What the task requires -> Reproduce the entries verbatim; no pictures.

Source data ->
>>>>
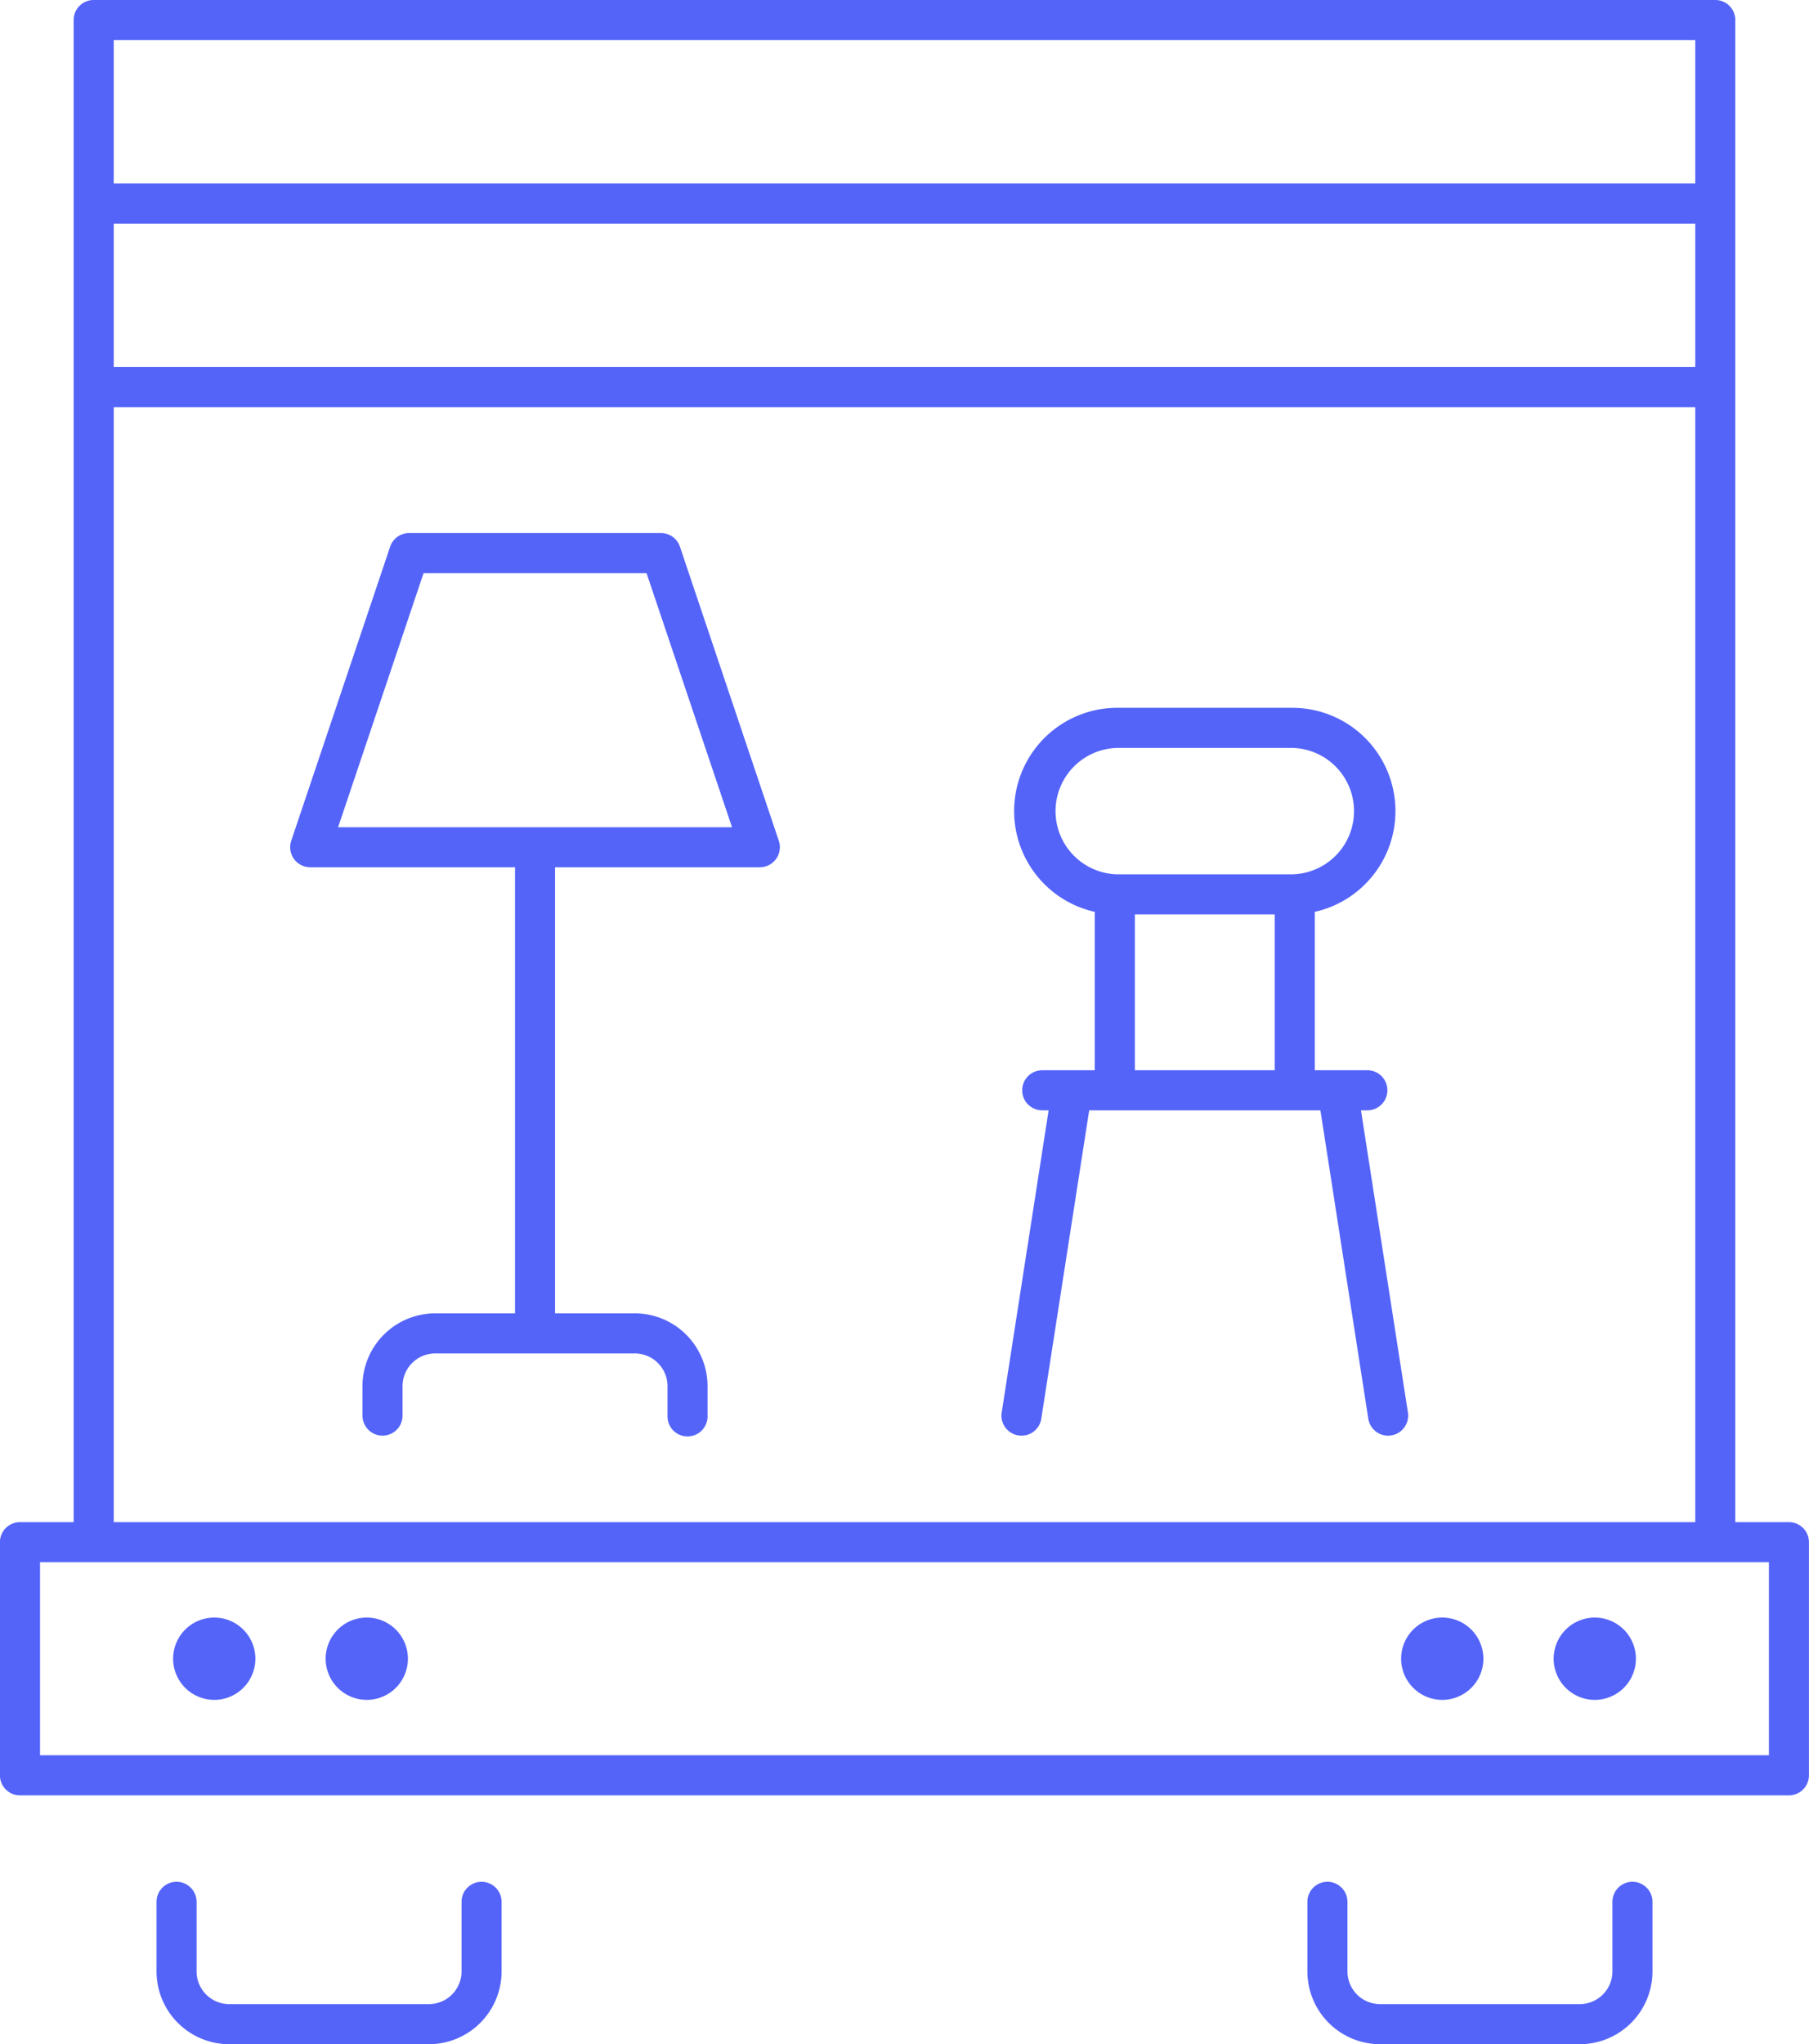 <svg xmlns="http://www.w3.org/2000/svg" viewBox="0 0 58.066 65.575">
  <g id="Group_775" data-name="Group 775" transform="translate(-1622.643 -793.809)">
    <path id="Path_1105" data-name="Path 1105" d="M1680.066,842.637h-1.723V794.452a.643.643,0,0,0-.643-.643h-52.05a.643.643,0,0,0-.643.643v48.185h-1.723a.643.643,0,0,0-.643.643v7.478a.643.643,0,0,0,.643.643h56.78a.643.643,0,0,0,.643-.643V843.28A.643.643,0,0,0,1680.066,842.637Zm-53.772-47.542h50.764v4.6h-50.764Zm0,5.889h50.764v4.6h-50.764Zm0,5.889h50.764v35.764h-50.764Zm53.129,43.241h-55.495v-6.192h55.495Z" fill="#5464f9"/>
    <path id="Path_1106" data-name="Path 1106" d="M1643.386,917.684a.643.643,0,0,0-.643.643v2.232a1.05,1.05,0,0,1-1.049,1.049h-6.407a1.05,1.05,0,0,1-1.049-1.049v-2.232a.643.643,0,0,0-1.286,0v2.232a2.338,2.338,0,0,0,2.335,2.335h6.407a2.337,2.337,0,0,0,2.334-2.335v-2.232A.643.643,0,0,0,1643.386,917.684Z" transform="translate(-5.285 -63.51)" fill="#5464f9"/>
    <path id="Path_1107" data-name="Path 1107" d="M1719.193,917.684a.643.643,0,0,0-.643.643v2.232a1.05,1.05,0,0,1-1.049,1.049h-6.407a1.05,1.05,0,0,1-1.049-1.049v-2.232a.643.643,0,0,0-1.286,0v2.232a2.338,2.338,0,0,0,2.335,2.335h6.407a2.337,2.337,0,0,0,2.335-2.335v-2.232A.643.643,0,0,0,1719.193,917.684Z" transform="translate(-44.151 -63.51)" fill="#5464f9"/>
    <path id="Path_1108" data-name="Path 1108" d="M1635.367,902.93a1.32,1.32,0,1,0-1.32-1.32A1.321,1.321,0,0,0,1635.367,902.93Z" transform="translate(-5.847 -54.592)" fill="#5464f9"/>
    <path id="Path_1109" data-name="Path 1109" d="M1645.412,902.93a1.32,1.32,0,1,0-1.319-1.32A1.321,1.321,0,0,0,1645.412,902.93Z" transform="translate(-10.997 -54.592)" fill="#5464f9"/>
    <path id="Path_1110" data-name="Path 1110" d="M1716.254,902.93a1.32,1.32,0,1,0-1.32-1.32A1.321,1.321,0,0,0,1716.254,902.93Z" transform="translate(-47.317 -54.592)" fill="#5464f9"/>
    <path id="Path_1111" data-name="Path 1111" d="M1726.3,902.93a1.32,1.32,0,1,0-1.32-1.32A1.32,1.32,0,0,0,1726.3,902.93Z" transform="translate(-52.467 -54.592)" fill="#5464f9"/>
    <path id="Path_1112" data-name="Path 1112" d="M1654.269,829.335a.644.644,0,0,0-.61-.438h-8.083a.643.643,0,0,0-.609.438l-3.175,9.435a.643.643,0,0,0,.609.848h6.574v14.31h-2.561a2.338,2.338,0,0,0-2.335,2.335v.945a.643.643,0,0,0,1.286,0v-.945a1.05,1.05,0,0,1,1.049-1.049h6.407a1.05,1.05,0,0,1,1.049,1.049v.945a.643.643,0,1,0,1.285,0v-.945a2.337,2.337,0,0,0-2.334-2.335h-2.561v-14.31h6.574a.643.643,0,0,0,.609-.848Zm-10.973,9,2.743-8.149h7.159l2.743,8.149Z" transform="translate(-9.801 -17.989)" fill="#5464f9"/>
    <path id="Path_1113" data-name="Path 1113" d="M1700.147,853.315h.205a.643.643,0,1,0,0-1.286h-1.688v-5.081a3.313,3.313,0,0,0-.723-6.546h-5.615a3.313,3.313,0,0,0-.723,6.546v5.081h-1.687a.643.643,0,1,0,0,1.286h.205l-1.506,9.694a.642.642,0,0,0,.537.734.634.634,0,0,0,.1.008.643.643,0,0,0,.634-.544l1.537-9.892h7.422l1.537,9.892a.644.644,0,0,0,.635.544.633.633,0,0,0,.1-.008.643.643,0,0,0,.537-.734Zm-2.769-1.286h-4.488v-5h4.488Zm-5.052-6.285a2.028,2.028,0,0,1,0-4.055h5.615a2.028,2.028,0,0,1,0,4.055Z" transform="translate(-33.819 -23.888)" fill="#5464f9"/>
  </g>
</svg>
<<<<
Reply to the task ->
 <svg xmlns="http://www.w3.org/2000/svg" viewBox="0 0 58.066 65.575">
  <g id="Group_775" data-name="Group 775" transform="translate(-1622.643 -793.809)">
    <path id="Path_1105" data-name="Path 1105" d="M1680.066,842.637h-1.723V794.452a.643.643,0,0,0-.643-.643h-52.05a.643.643,0,0,0-.643.643v48.185h-1.723a.643.643,0,0,0-.643.643v7.478a.643.643,0,0,0,.643.643h56.78a.643.643,0,0,0,.643-.643V843.28A.643.643,0,0,0,1680.066,842.637Zm-53.772-47.542h50.764v4.6h-50.764Zm0,5.889h50.764v4.6h-50.764Zm0,5.889h50.764v35.764h-50.764Zm53.129,43.241h-55.495v-6.192h55.495Z" fill="#5464f9"/>
    <path id="Path_1106" data-name="Path 1106" d="M1643.386,917.684a.643.643,0,0,0-.643.643v2.232a1.05,1.05,0,0,1-1.049,1.049h-6.407a1.05,1.05,0,0,1-1.049-1.049v-2.232a.643.643,0,0,0-1.286,0v2.232a2.338,2.338,0,0,0,2.335,2.335h6.407a2.337,2.337,0,0,0,2.334-2.335v-2.232A.643.643,0,0,0,1643.386,917.684Z" transform="translate(-5.285 -63.51)" fill="#5464f9"/>
    <path id="Path_1107" data-name="Path 1107" d="M1719.193,917.684a.643.643,0,0,0-.643.643v2.232a1.05,1.05,0,0,1-1.049,1.049h-6.407a1.05,1.05,0,0,1-1.049-1.049v-2.232a.643.643,0,0,0-1.286,0v2.232a2.338,2.338,0,0,0,2.335,2.335h6.407a2.337,2.337,0,0,0,2.335-2.335v-2.232A.643.643,0,0,0,1719.193,917.684Z" transform="translate(-44.151 -63.51)" fill="#5464f9"/>
    <path id="Path_1108" data-name="Path 1108" d="M1635.367,902.93a1.32,1.32,0,1,0-1.32-1.32A1.321,1.321,0,0,0,1635.367,902.93Z" transform="translate(-5.847 -54.592)" fill="#5464f9"/>
    <path id="Path_1109" data-name="Path 1109" d="M1645.412,902.93a1.32,1.32,0,1,0-1.319-1.32A1.321,1.321,0,0,0,1645.412,902.93Z" transform="translate(-10.997 -54.592)" fill="#5464f9"/>
    <path id="Path_1110" data-name="Path 1110" d="M1716.254,902.93a1.32,1.32,0,1,0-1.32-1.32A1.321,1.321,0,0,0,1716.254,902.93Z" transform="translate(-47.317 -54.592)" fill="#5464f9"/>
    <path id="Path_1111" data-name="Path 1111" d="M1726.3,902.93a1.32,1.32,0,1,0-1.32-1.32A1.32,1.32,0,0,0,1726.3,902.93Z" transform="translate(-52.467 -54.592)" fill="#5464f9"/>
    <path id="Path_1112" data-name="Path 1112" d="M1654.269,829.335a.644.644,0,0,0-.61-.438h-8.083a.643.643,0,0,0-.609.438l-3.175,9.435a.643.643,0,0,0,.609.848h6.574v14.31h-2.561a2.338,2.338,0,0,0-2.335,2.335v.945a.643.643,0,0,0,1.286,0v-.945a1.05,1.05,0,0,1,1.049-1.049h6.407a1.05,1.05,0,0,1,1.049,1.049v.945a.643.643,0,1,0,1.285,0v-.945a2.337,2.337,0,0,0-2.334-2.335h-2.561v-14.31h6.574a.643.643,0,0,0,.609-.848Zm-10.973,9,2.743-8.149h7.159l2.743,8.149Z" transform="translate(-9.801 -17.989)" fill="#5464f9"/>
    <path id="Path_1113" data-name="Path 1113" d="M1700.147,853.315h.205a.643.643,0,1,0,0-1.286h-1.688v-5.081a3.313,3.313,0,0,0-.723-6.546h-5.615a3.313,3.313,0,0,0-.723,6.546v5.081h-1.687a.643.643,0,1,0,0,1.286h.205l-1.506,9.694a.642.642,0,0,0,.537.734.634.634,0,0,0,.1.008.643.643,0,0,0,.634-.544l1.537-9.892h7.422l1.537,9.892a.644.644,0,0,0,.635.544.633.633,0,0,0,.1-.008.643.643,0,0,0,.537-.734Zm-2.769-1.286h-4.488v-5h4.488Zm-5.052-6.285a2.028,2.028,0,0,1,0-4.055h5.615a2.028,2.028,0,0,1,0,4.055Z" transform="translate(-33.819 -23.888)" fill="#5464f9"/>
  </g>
</svg>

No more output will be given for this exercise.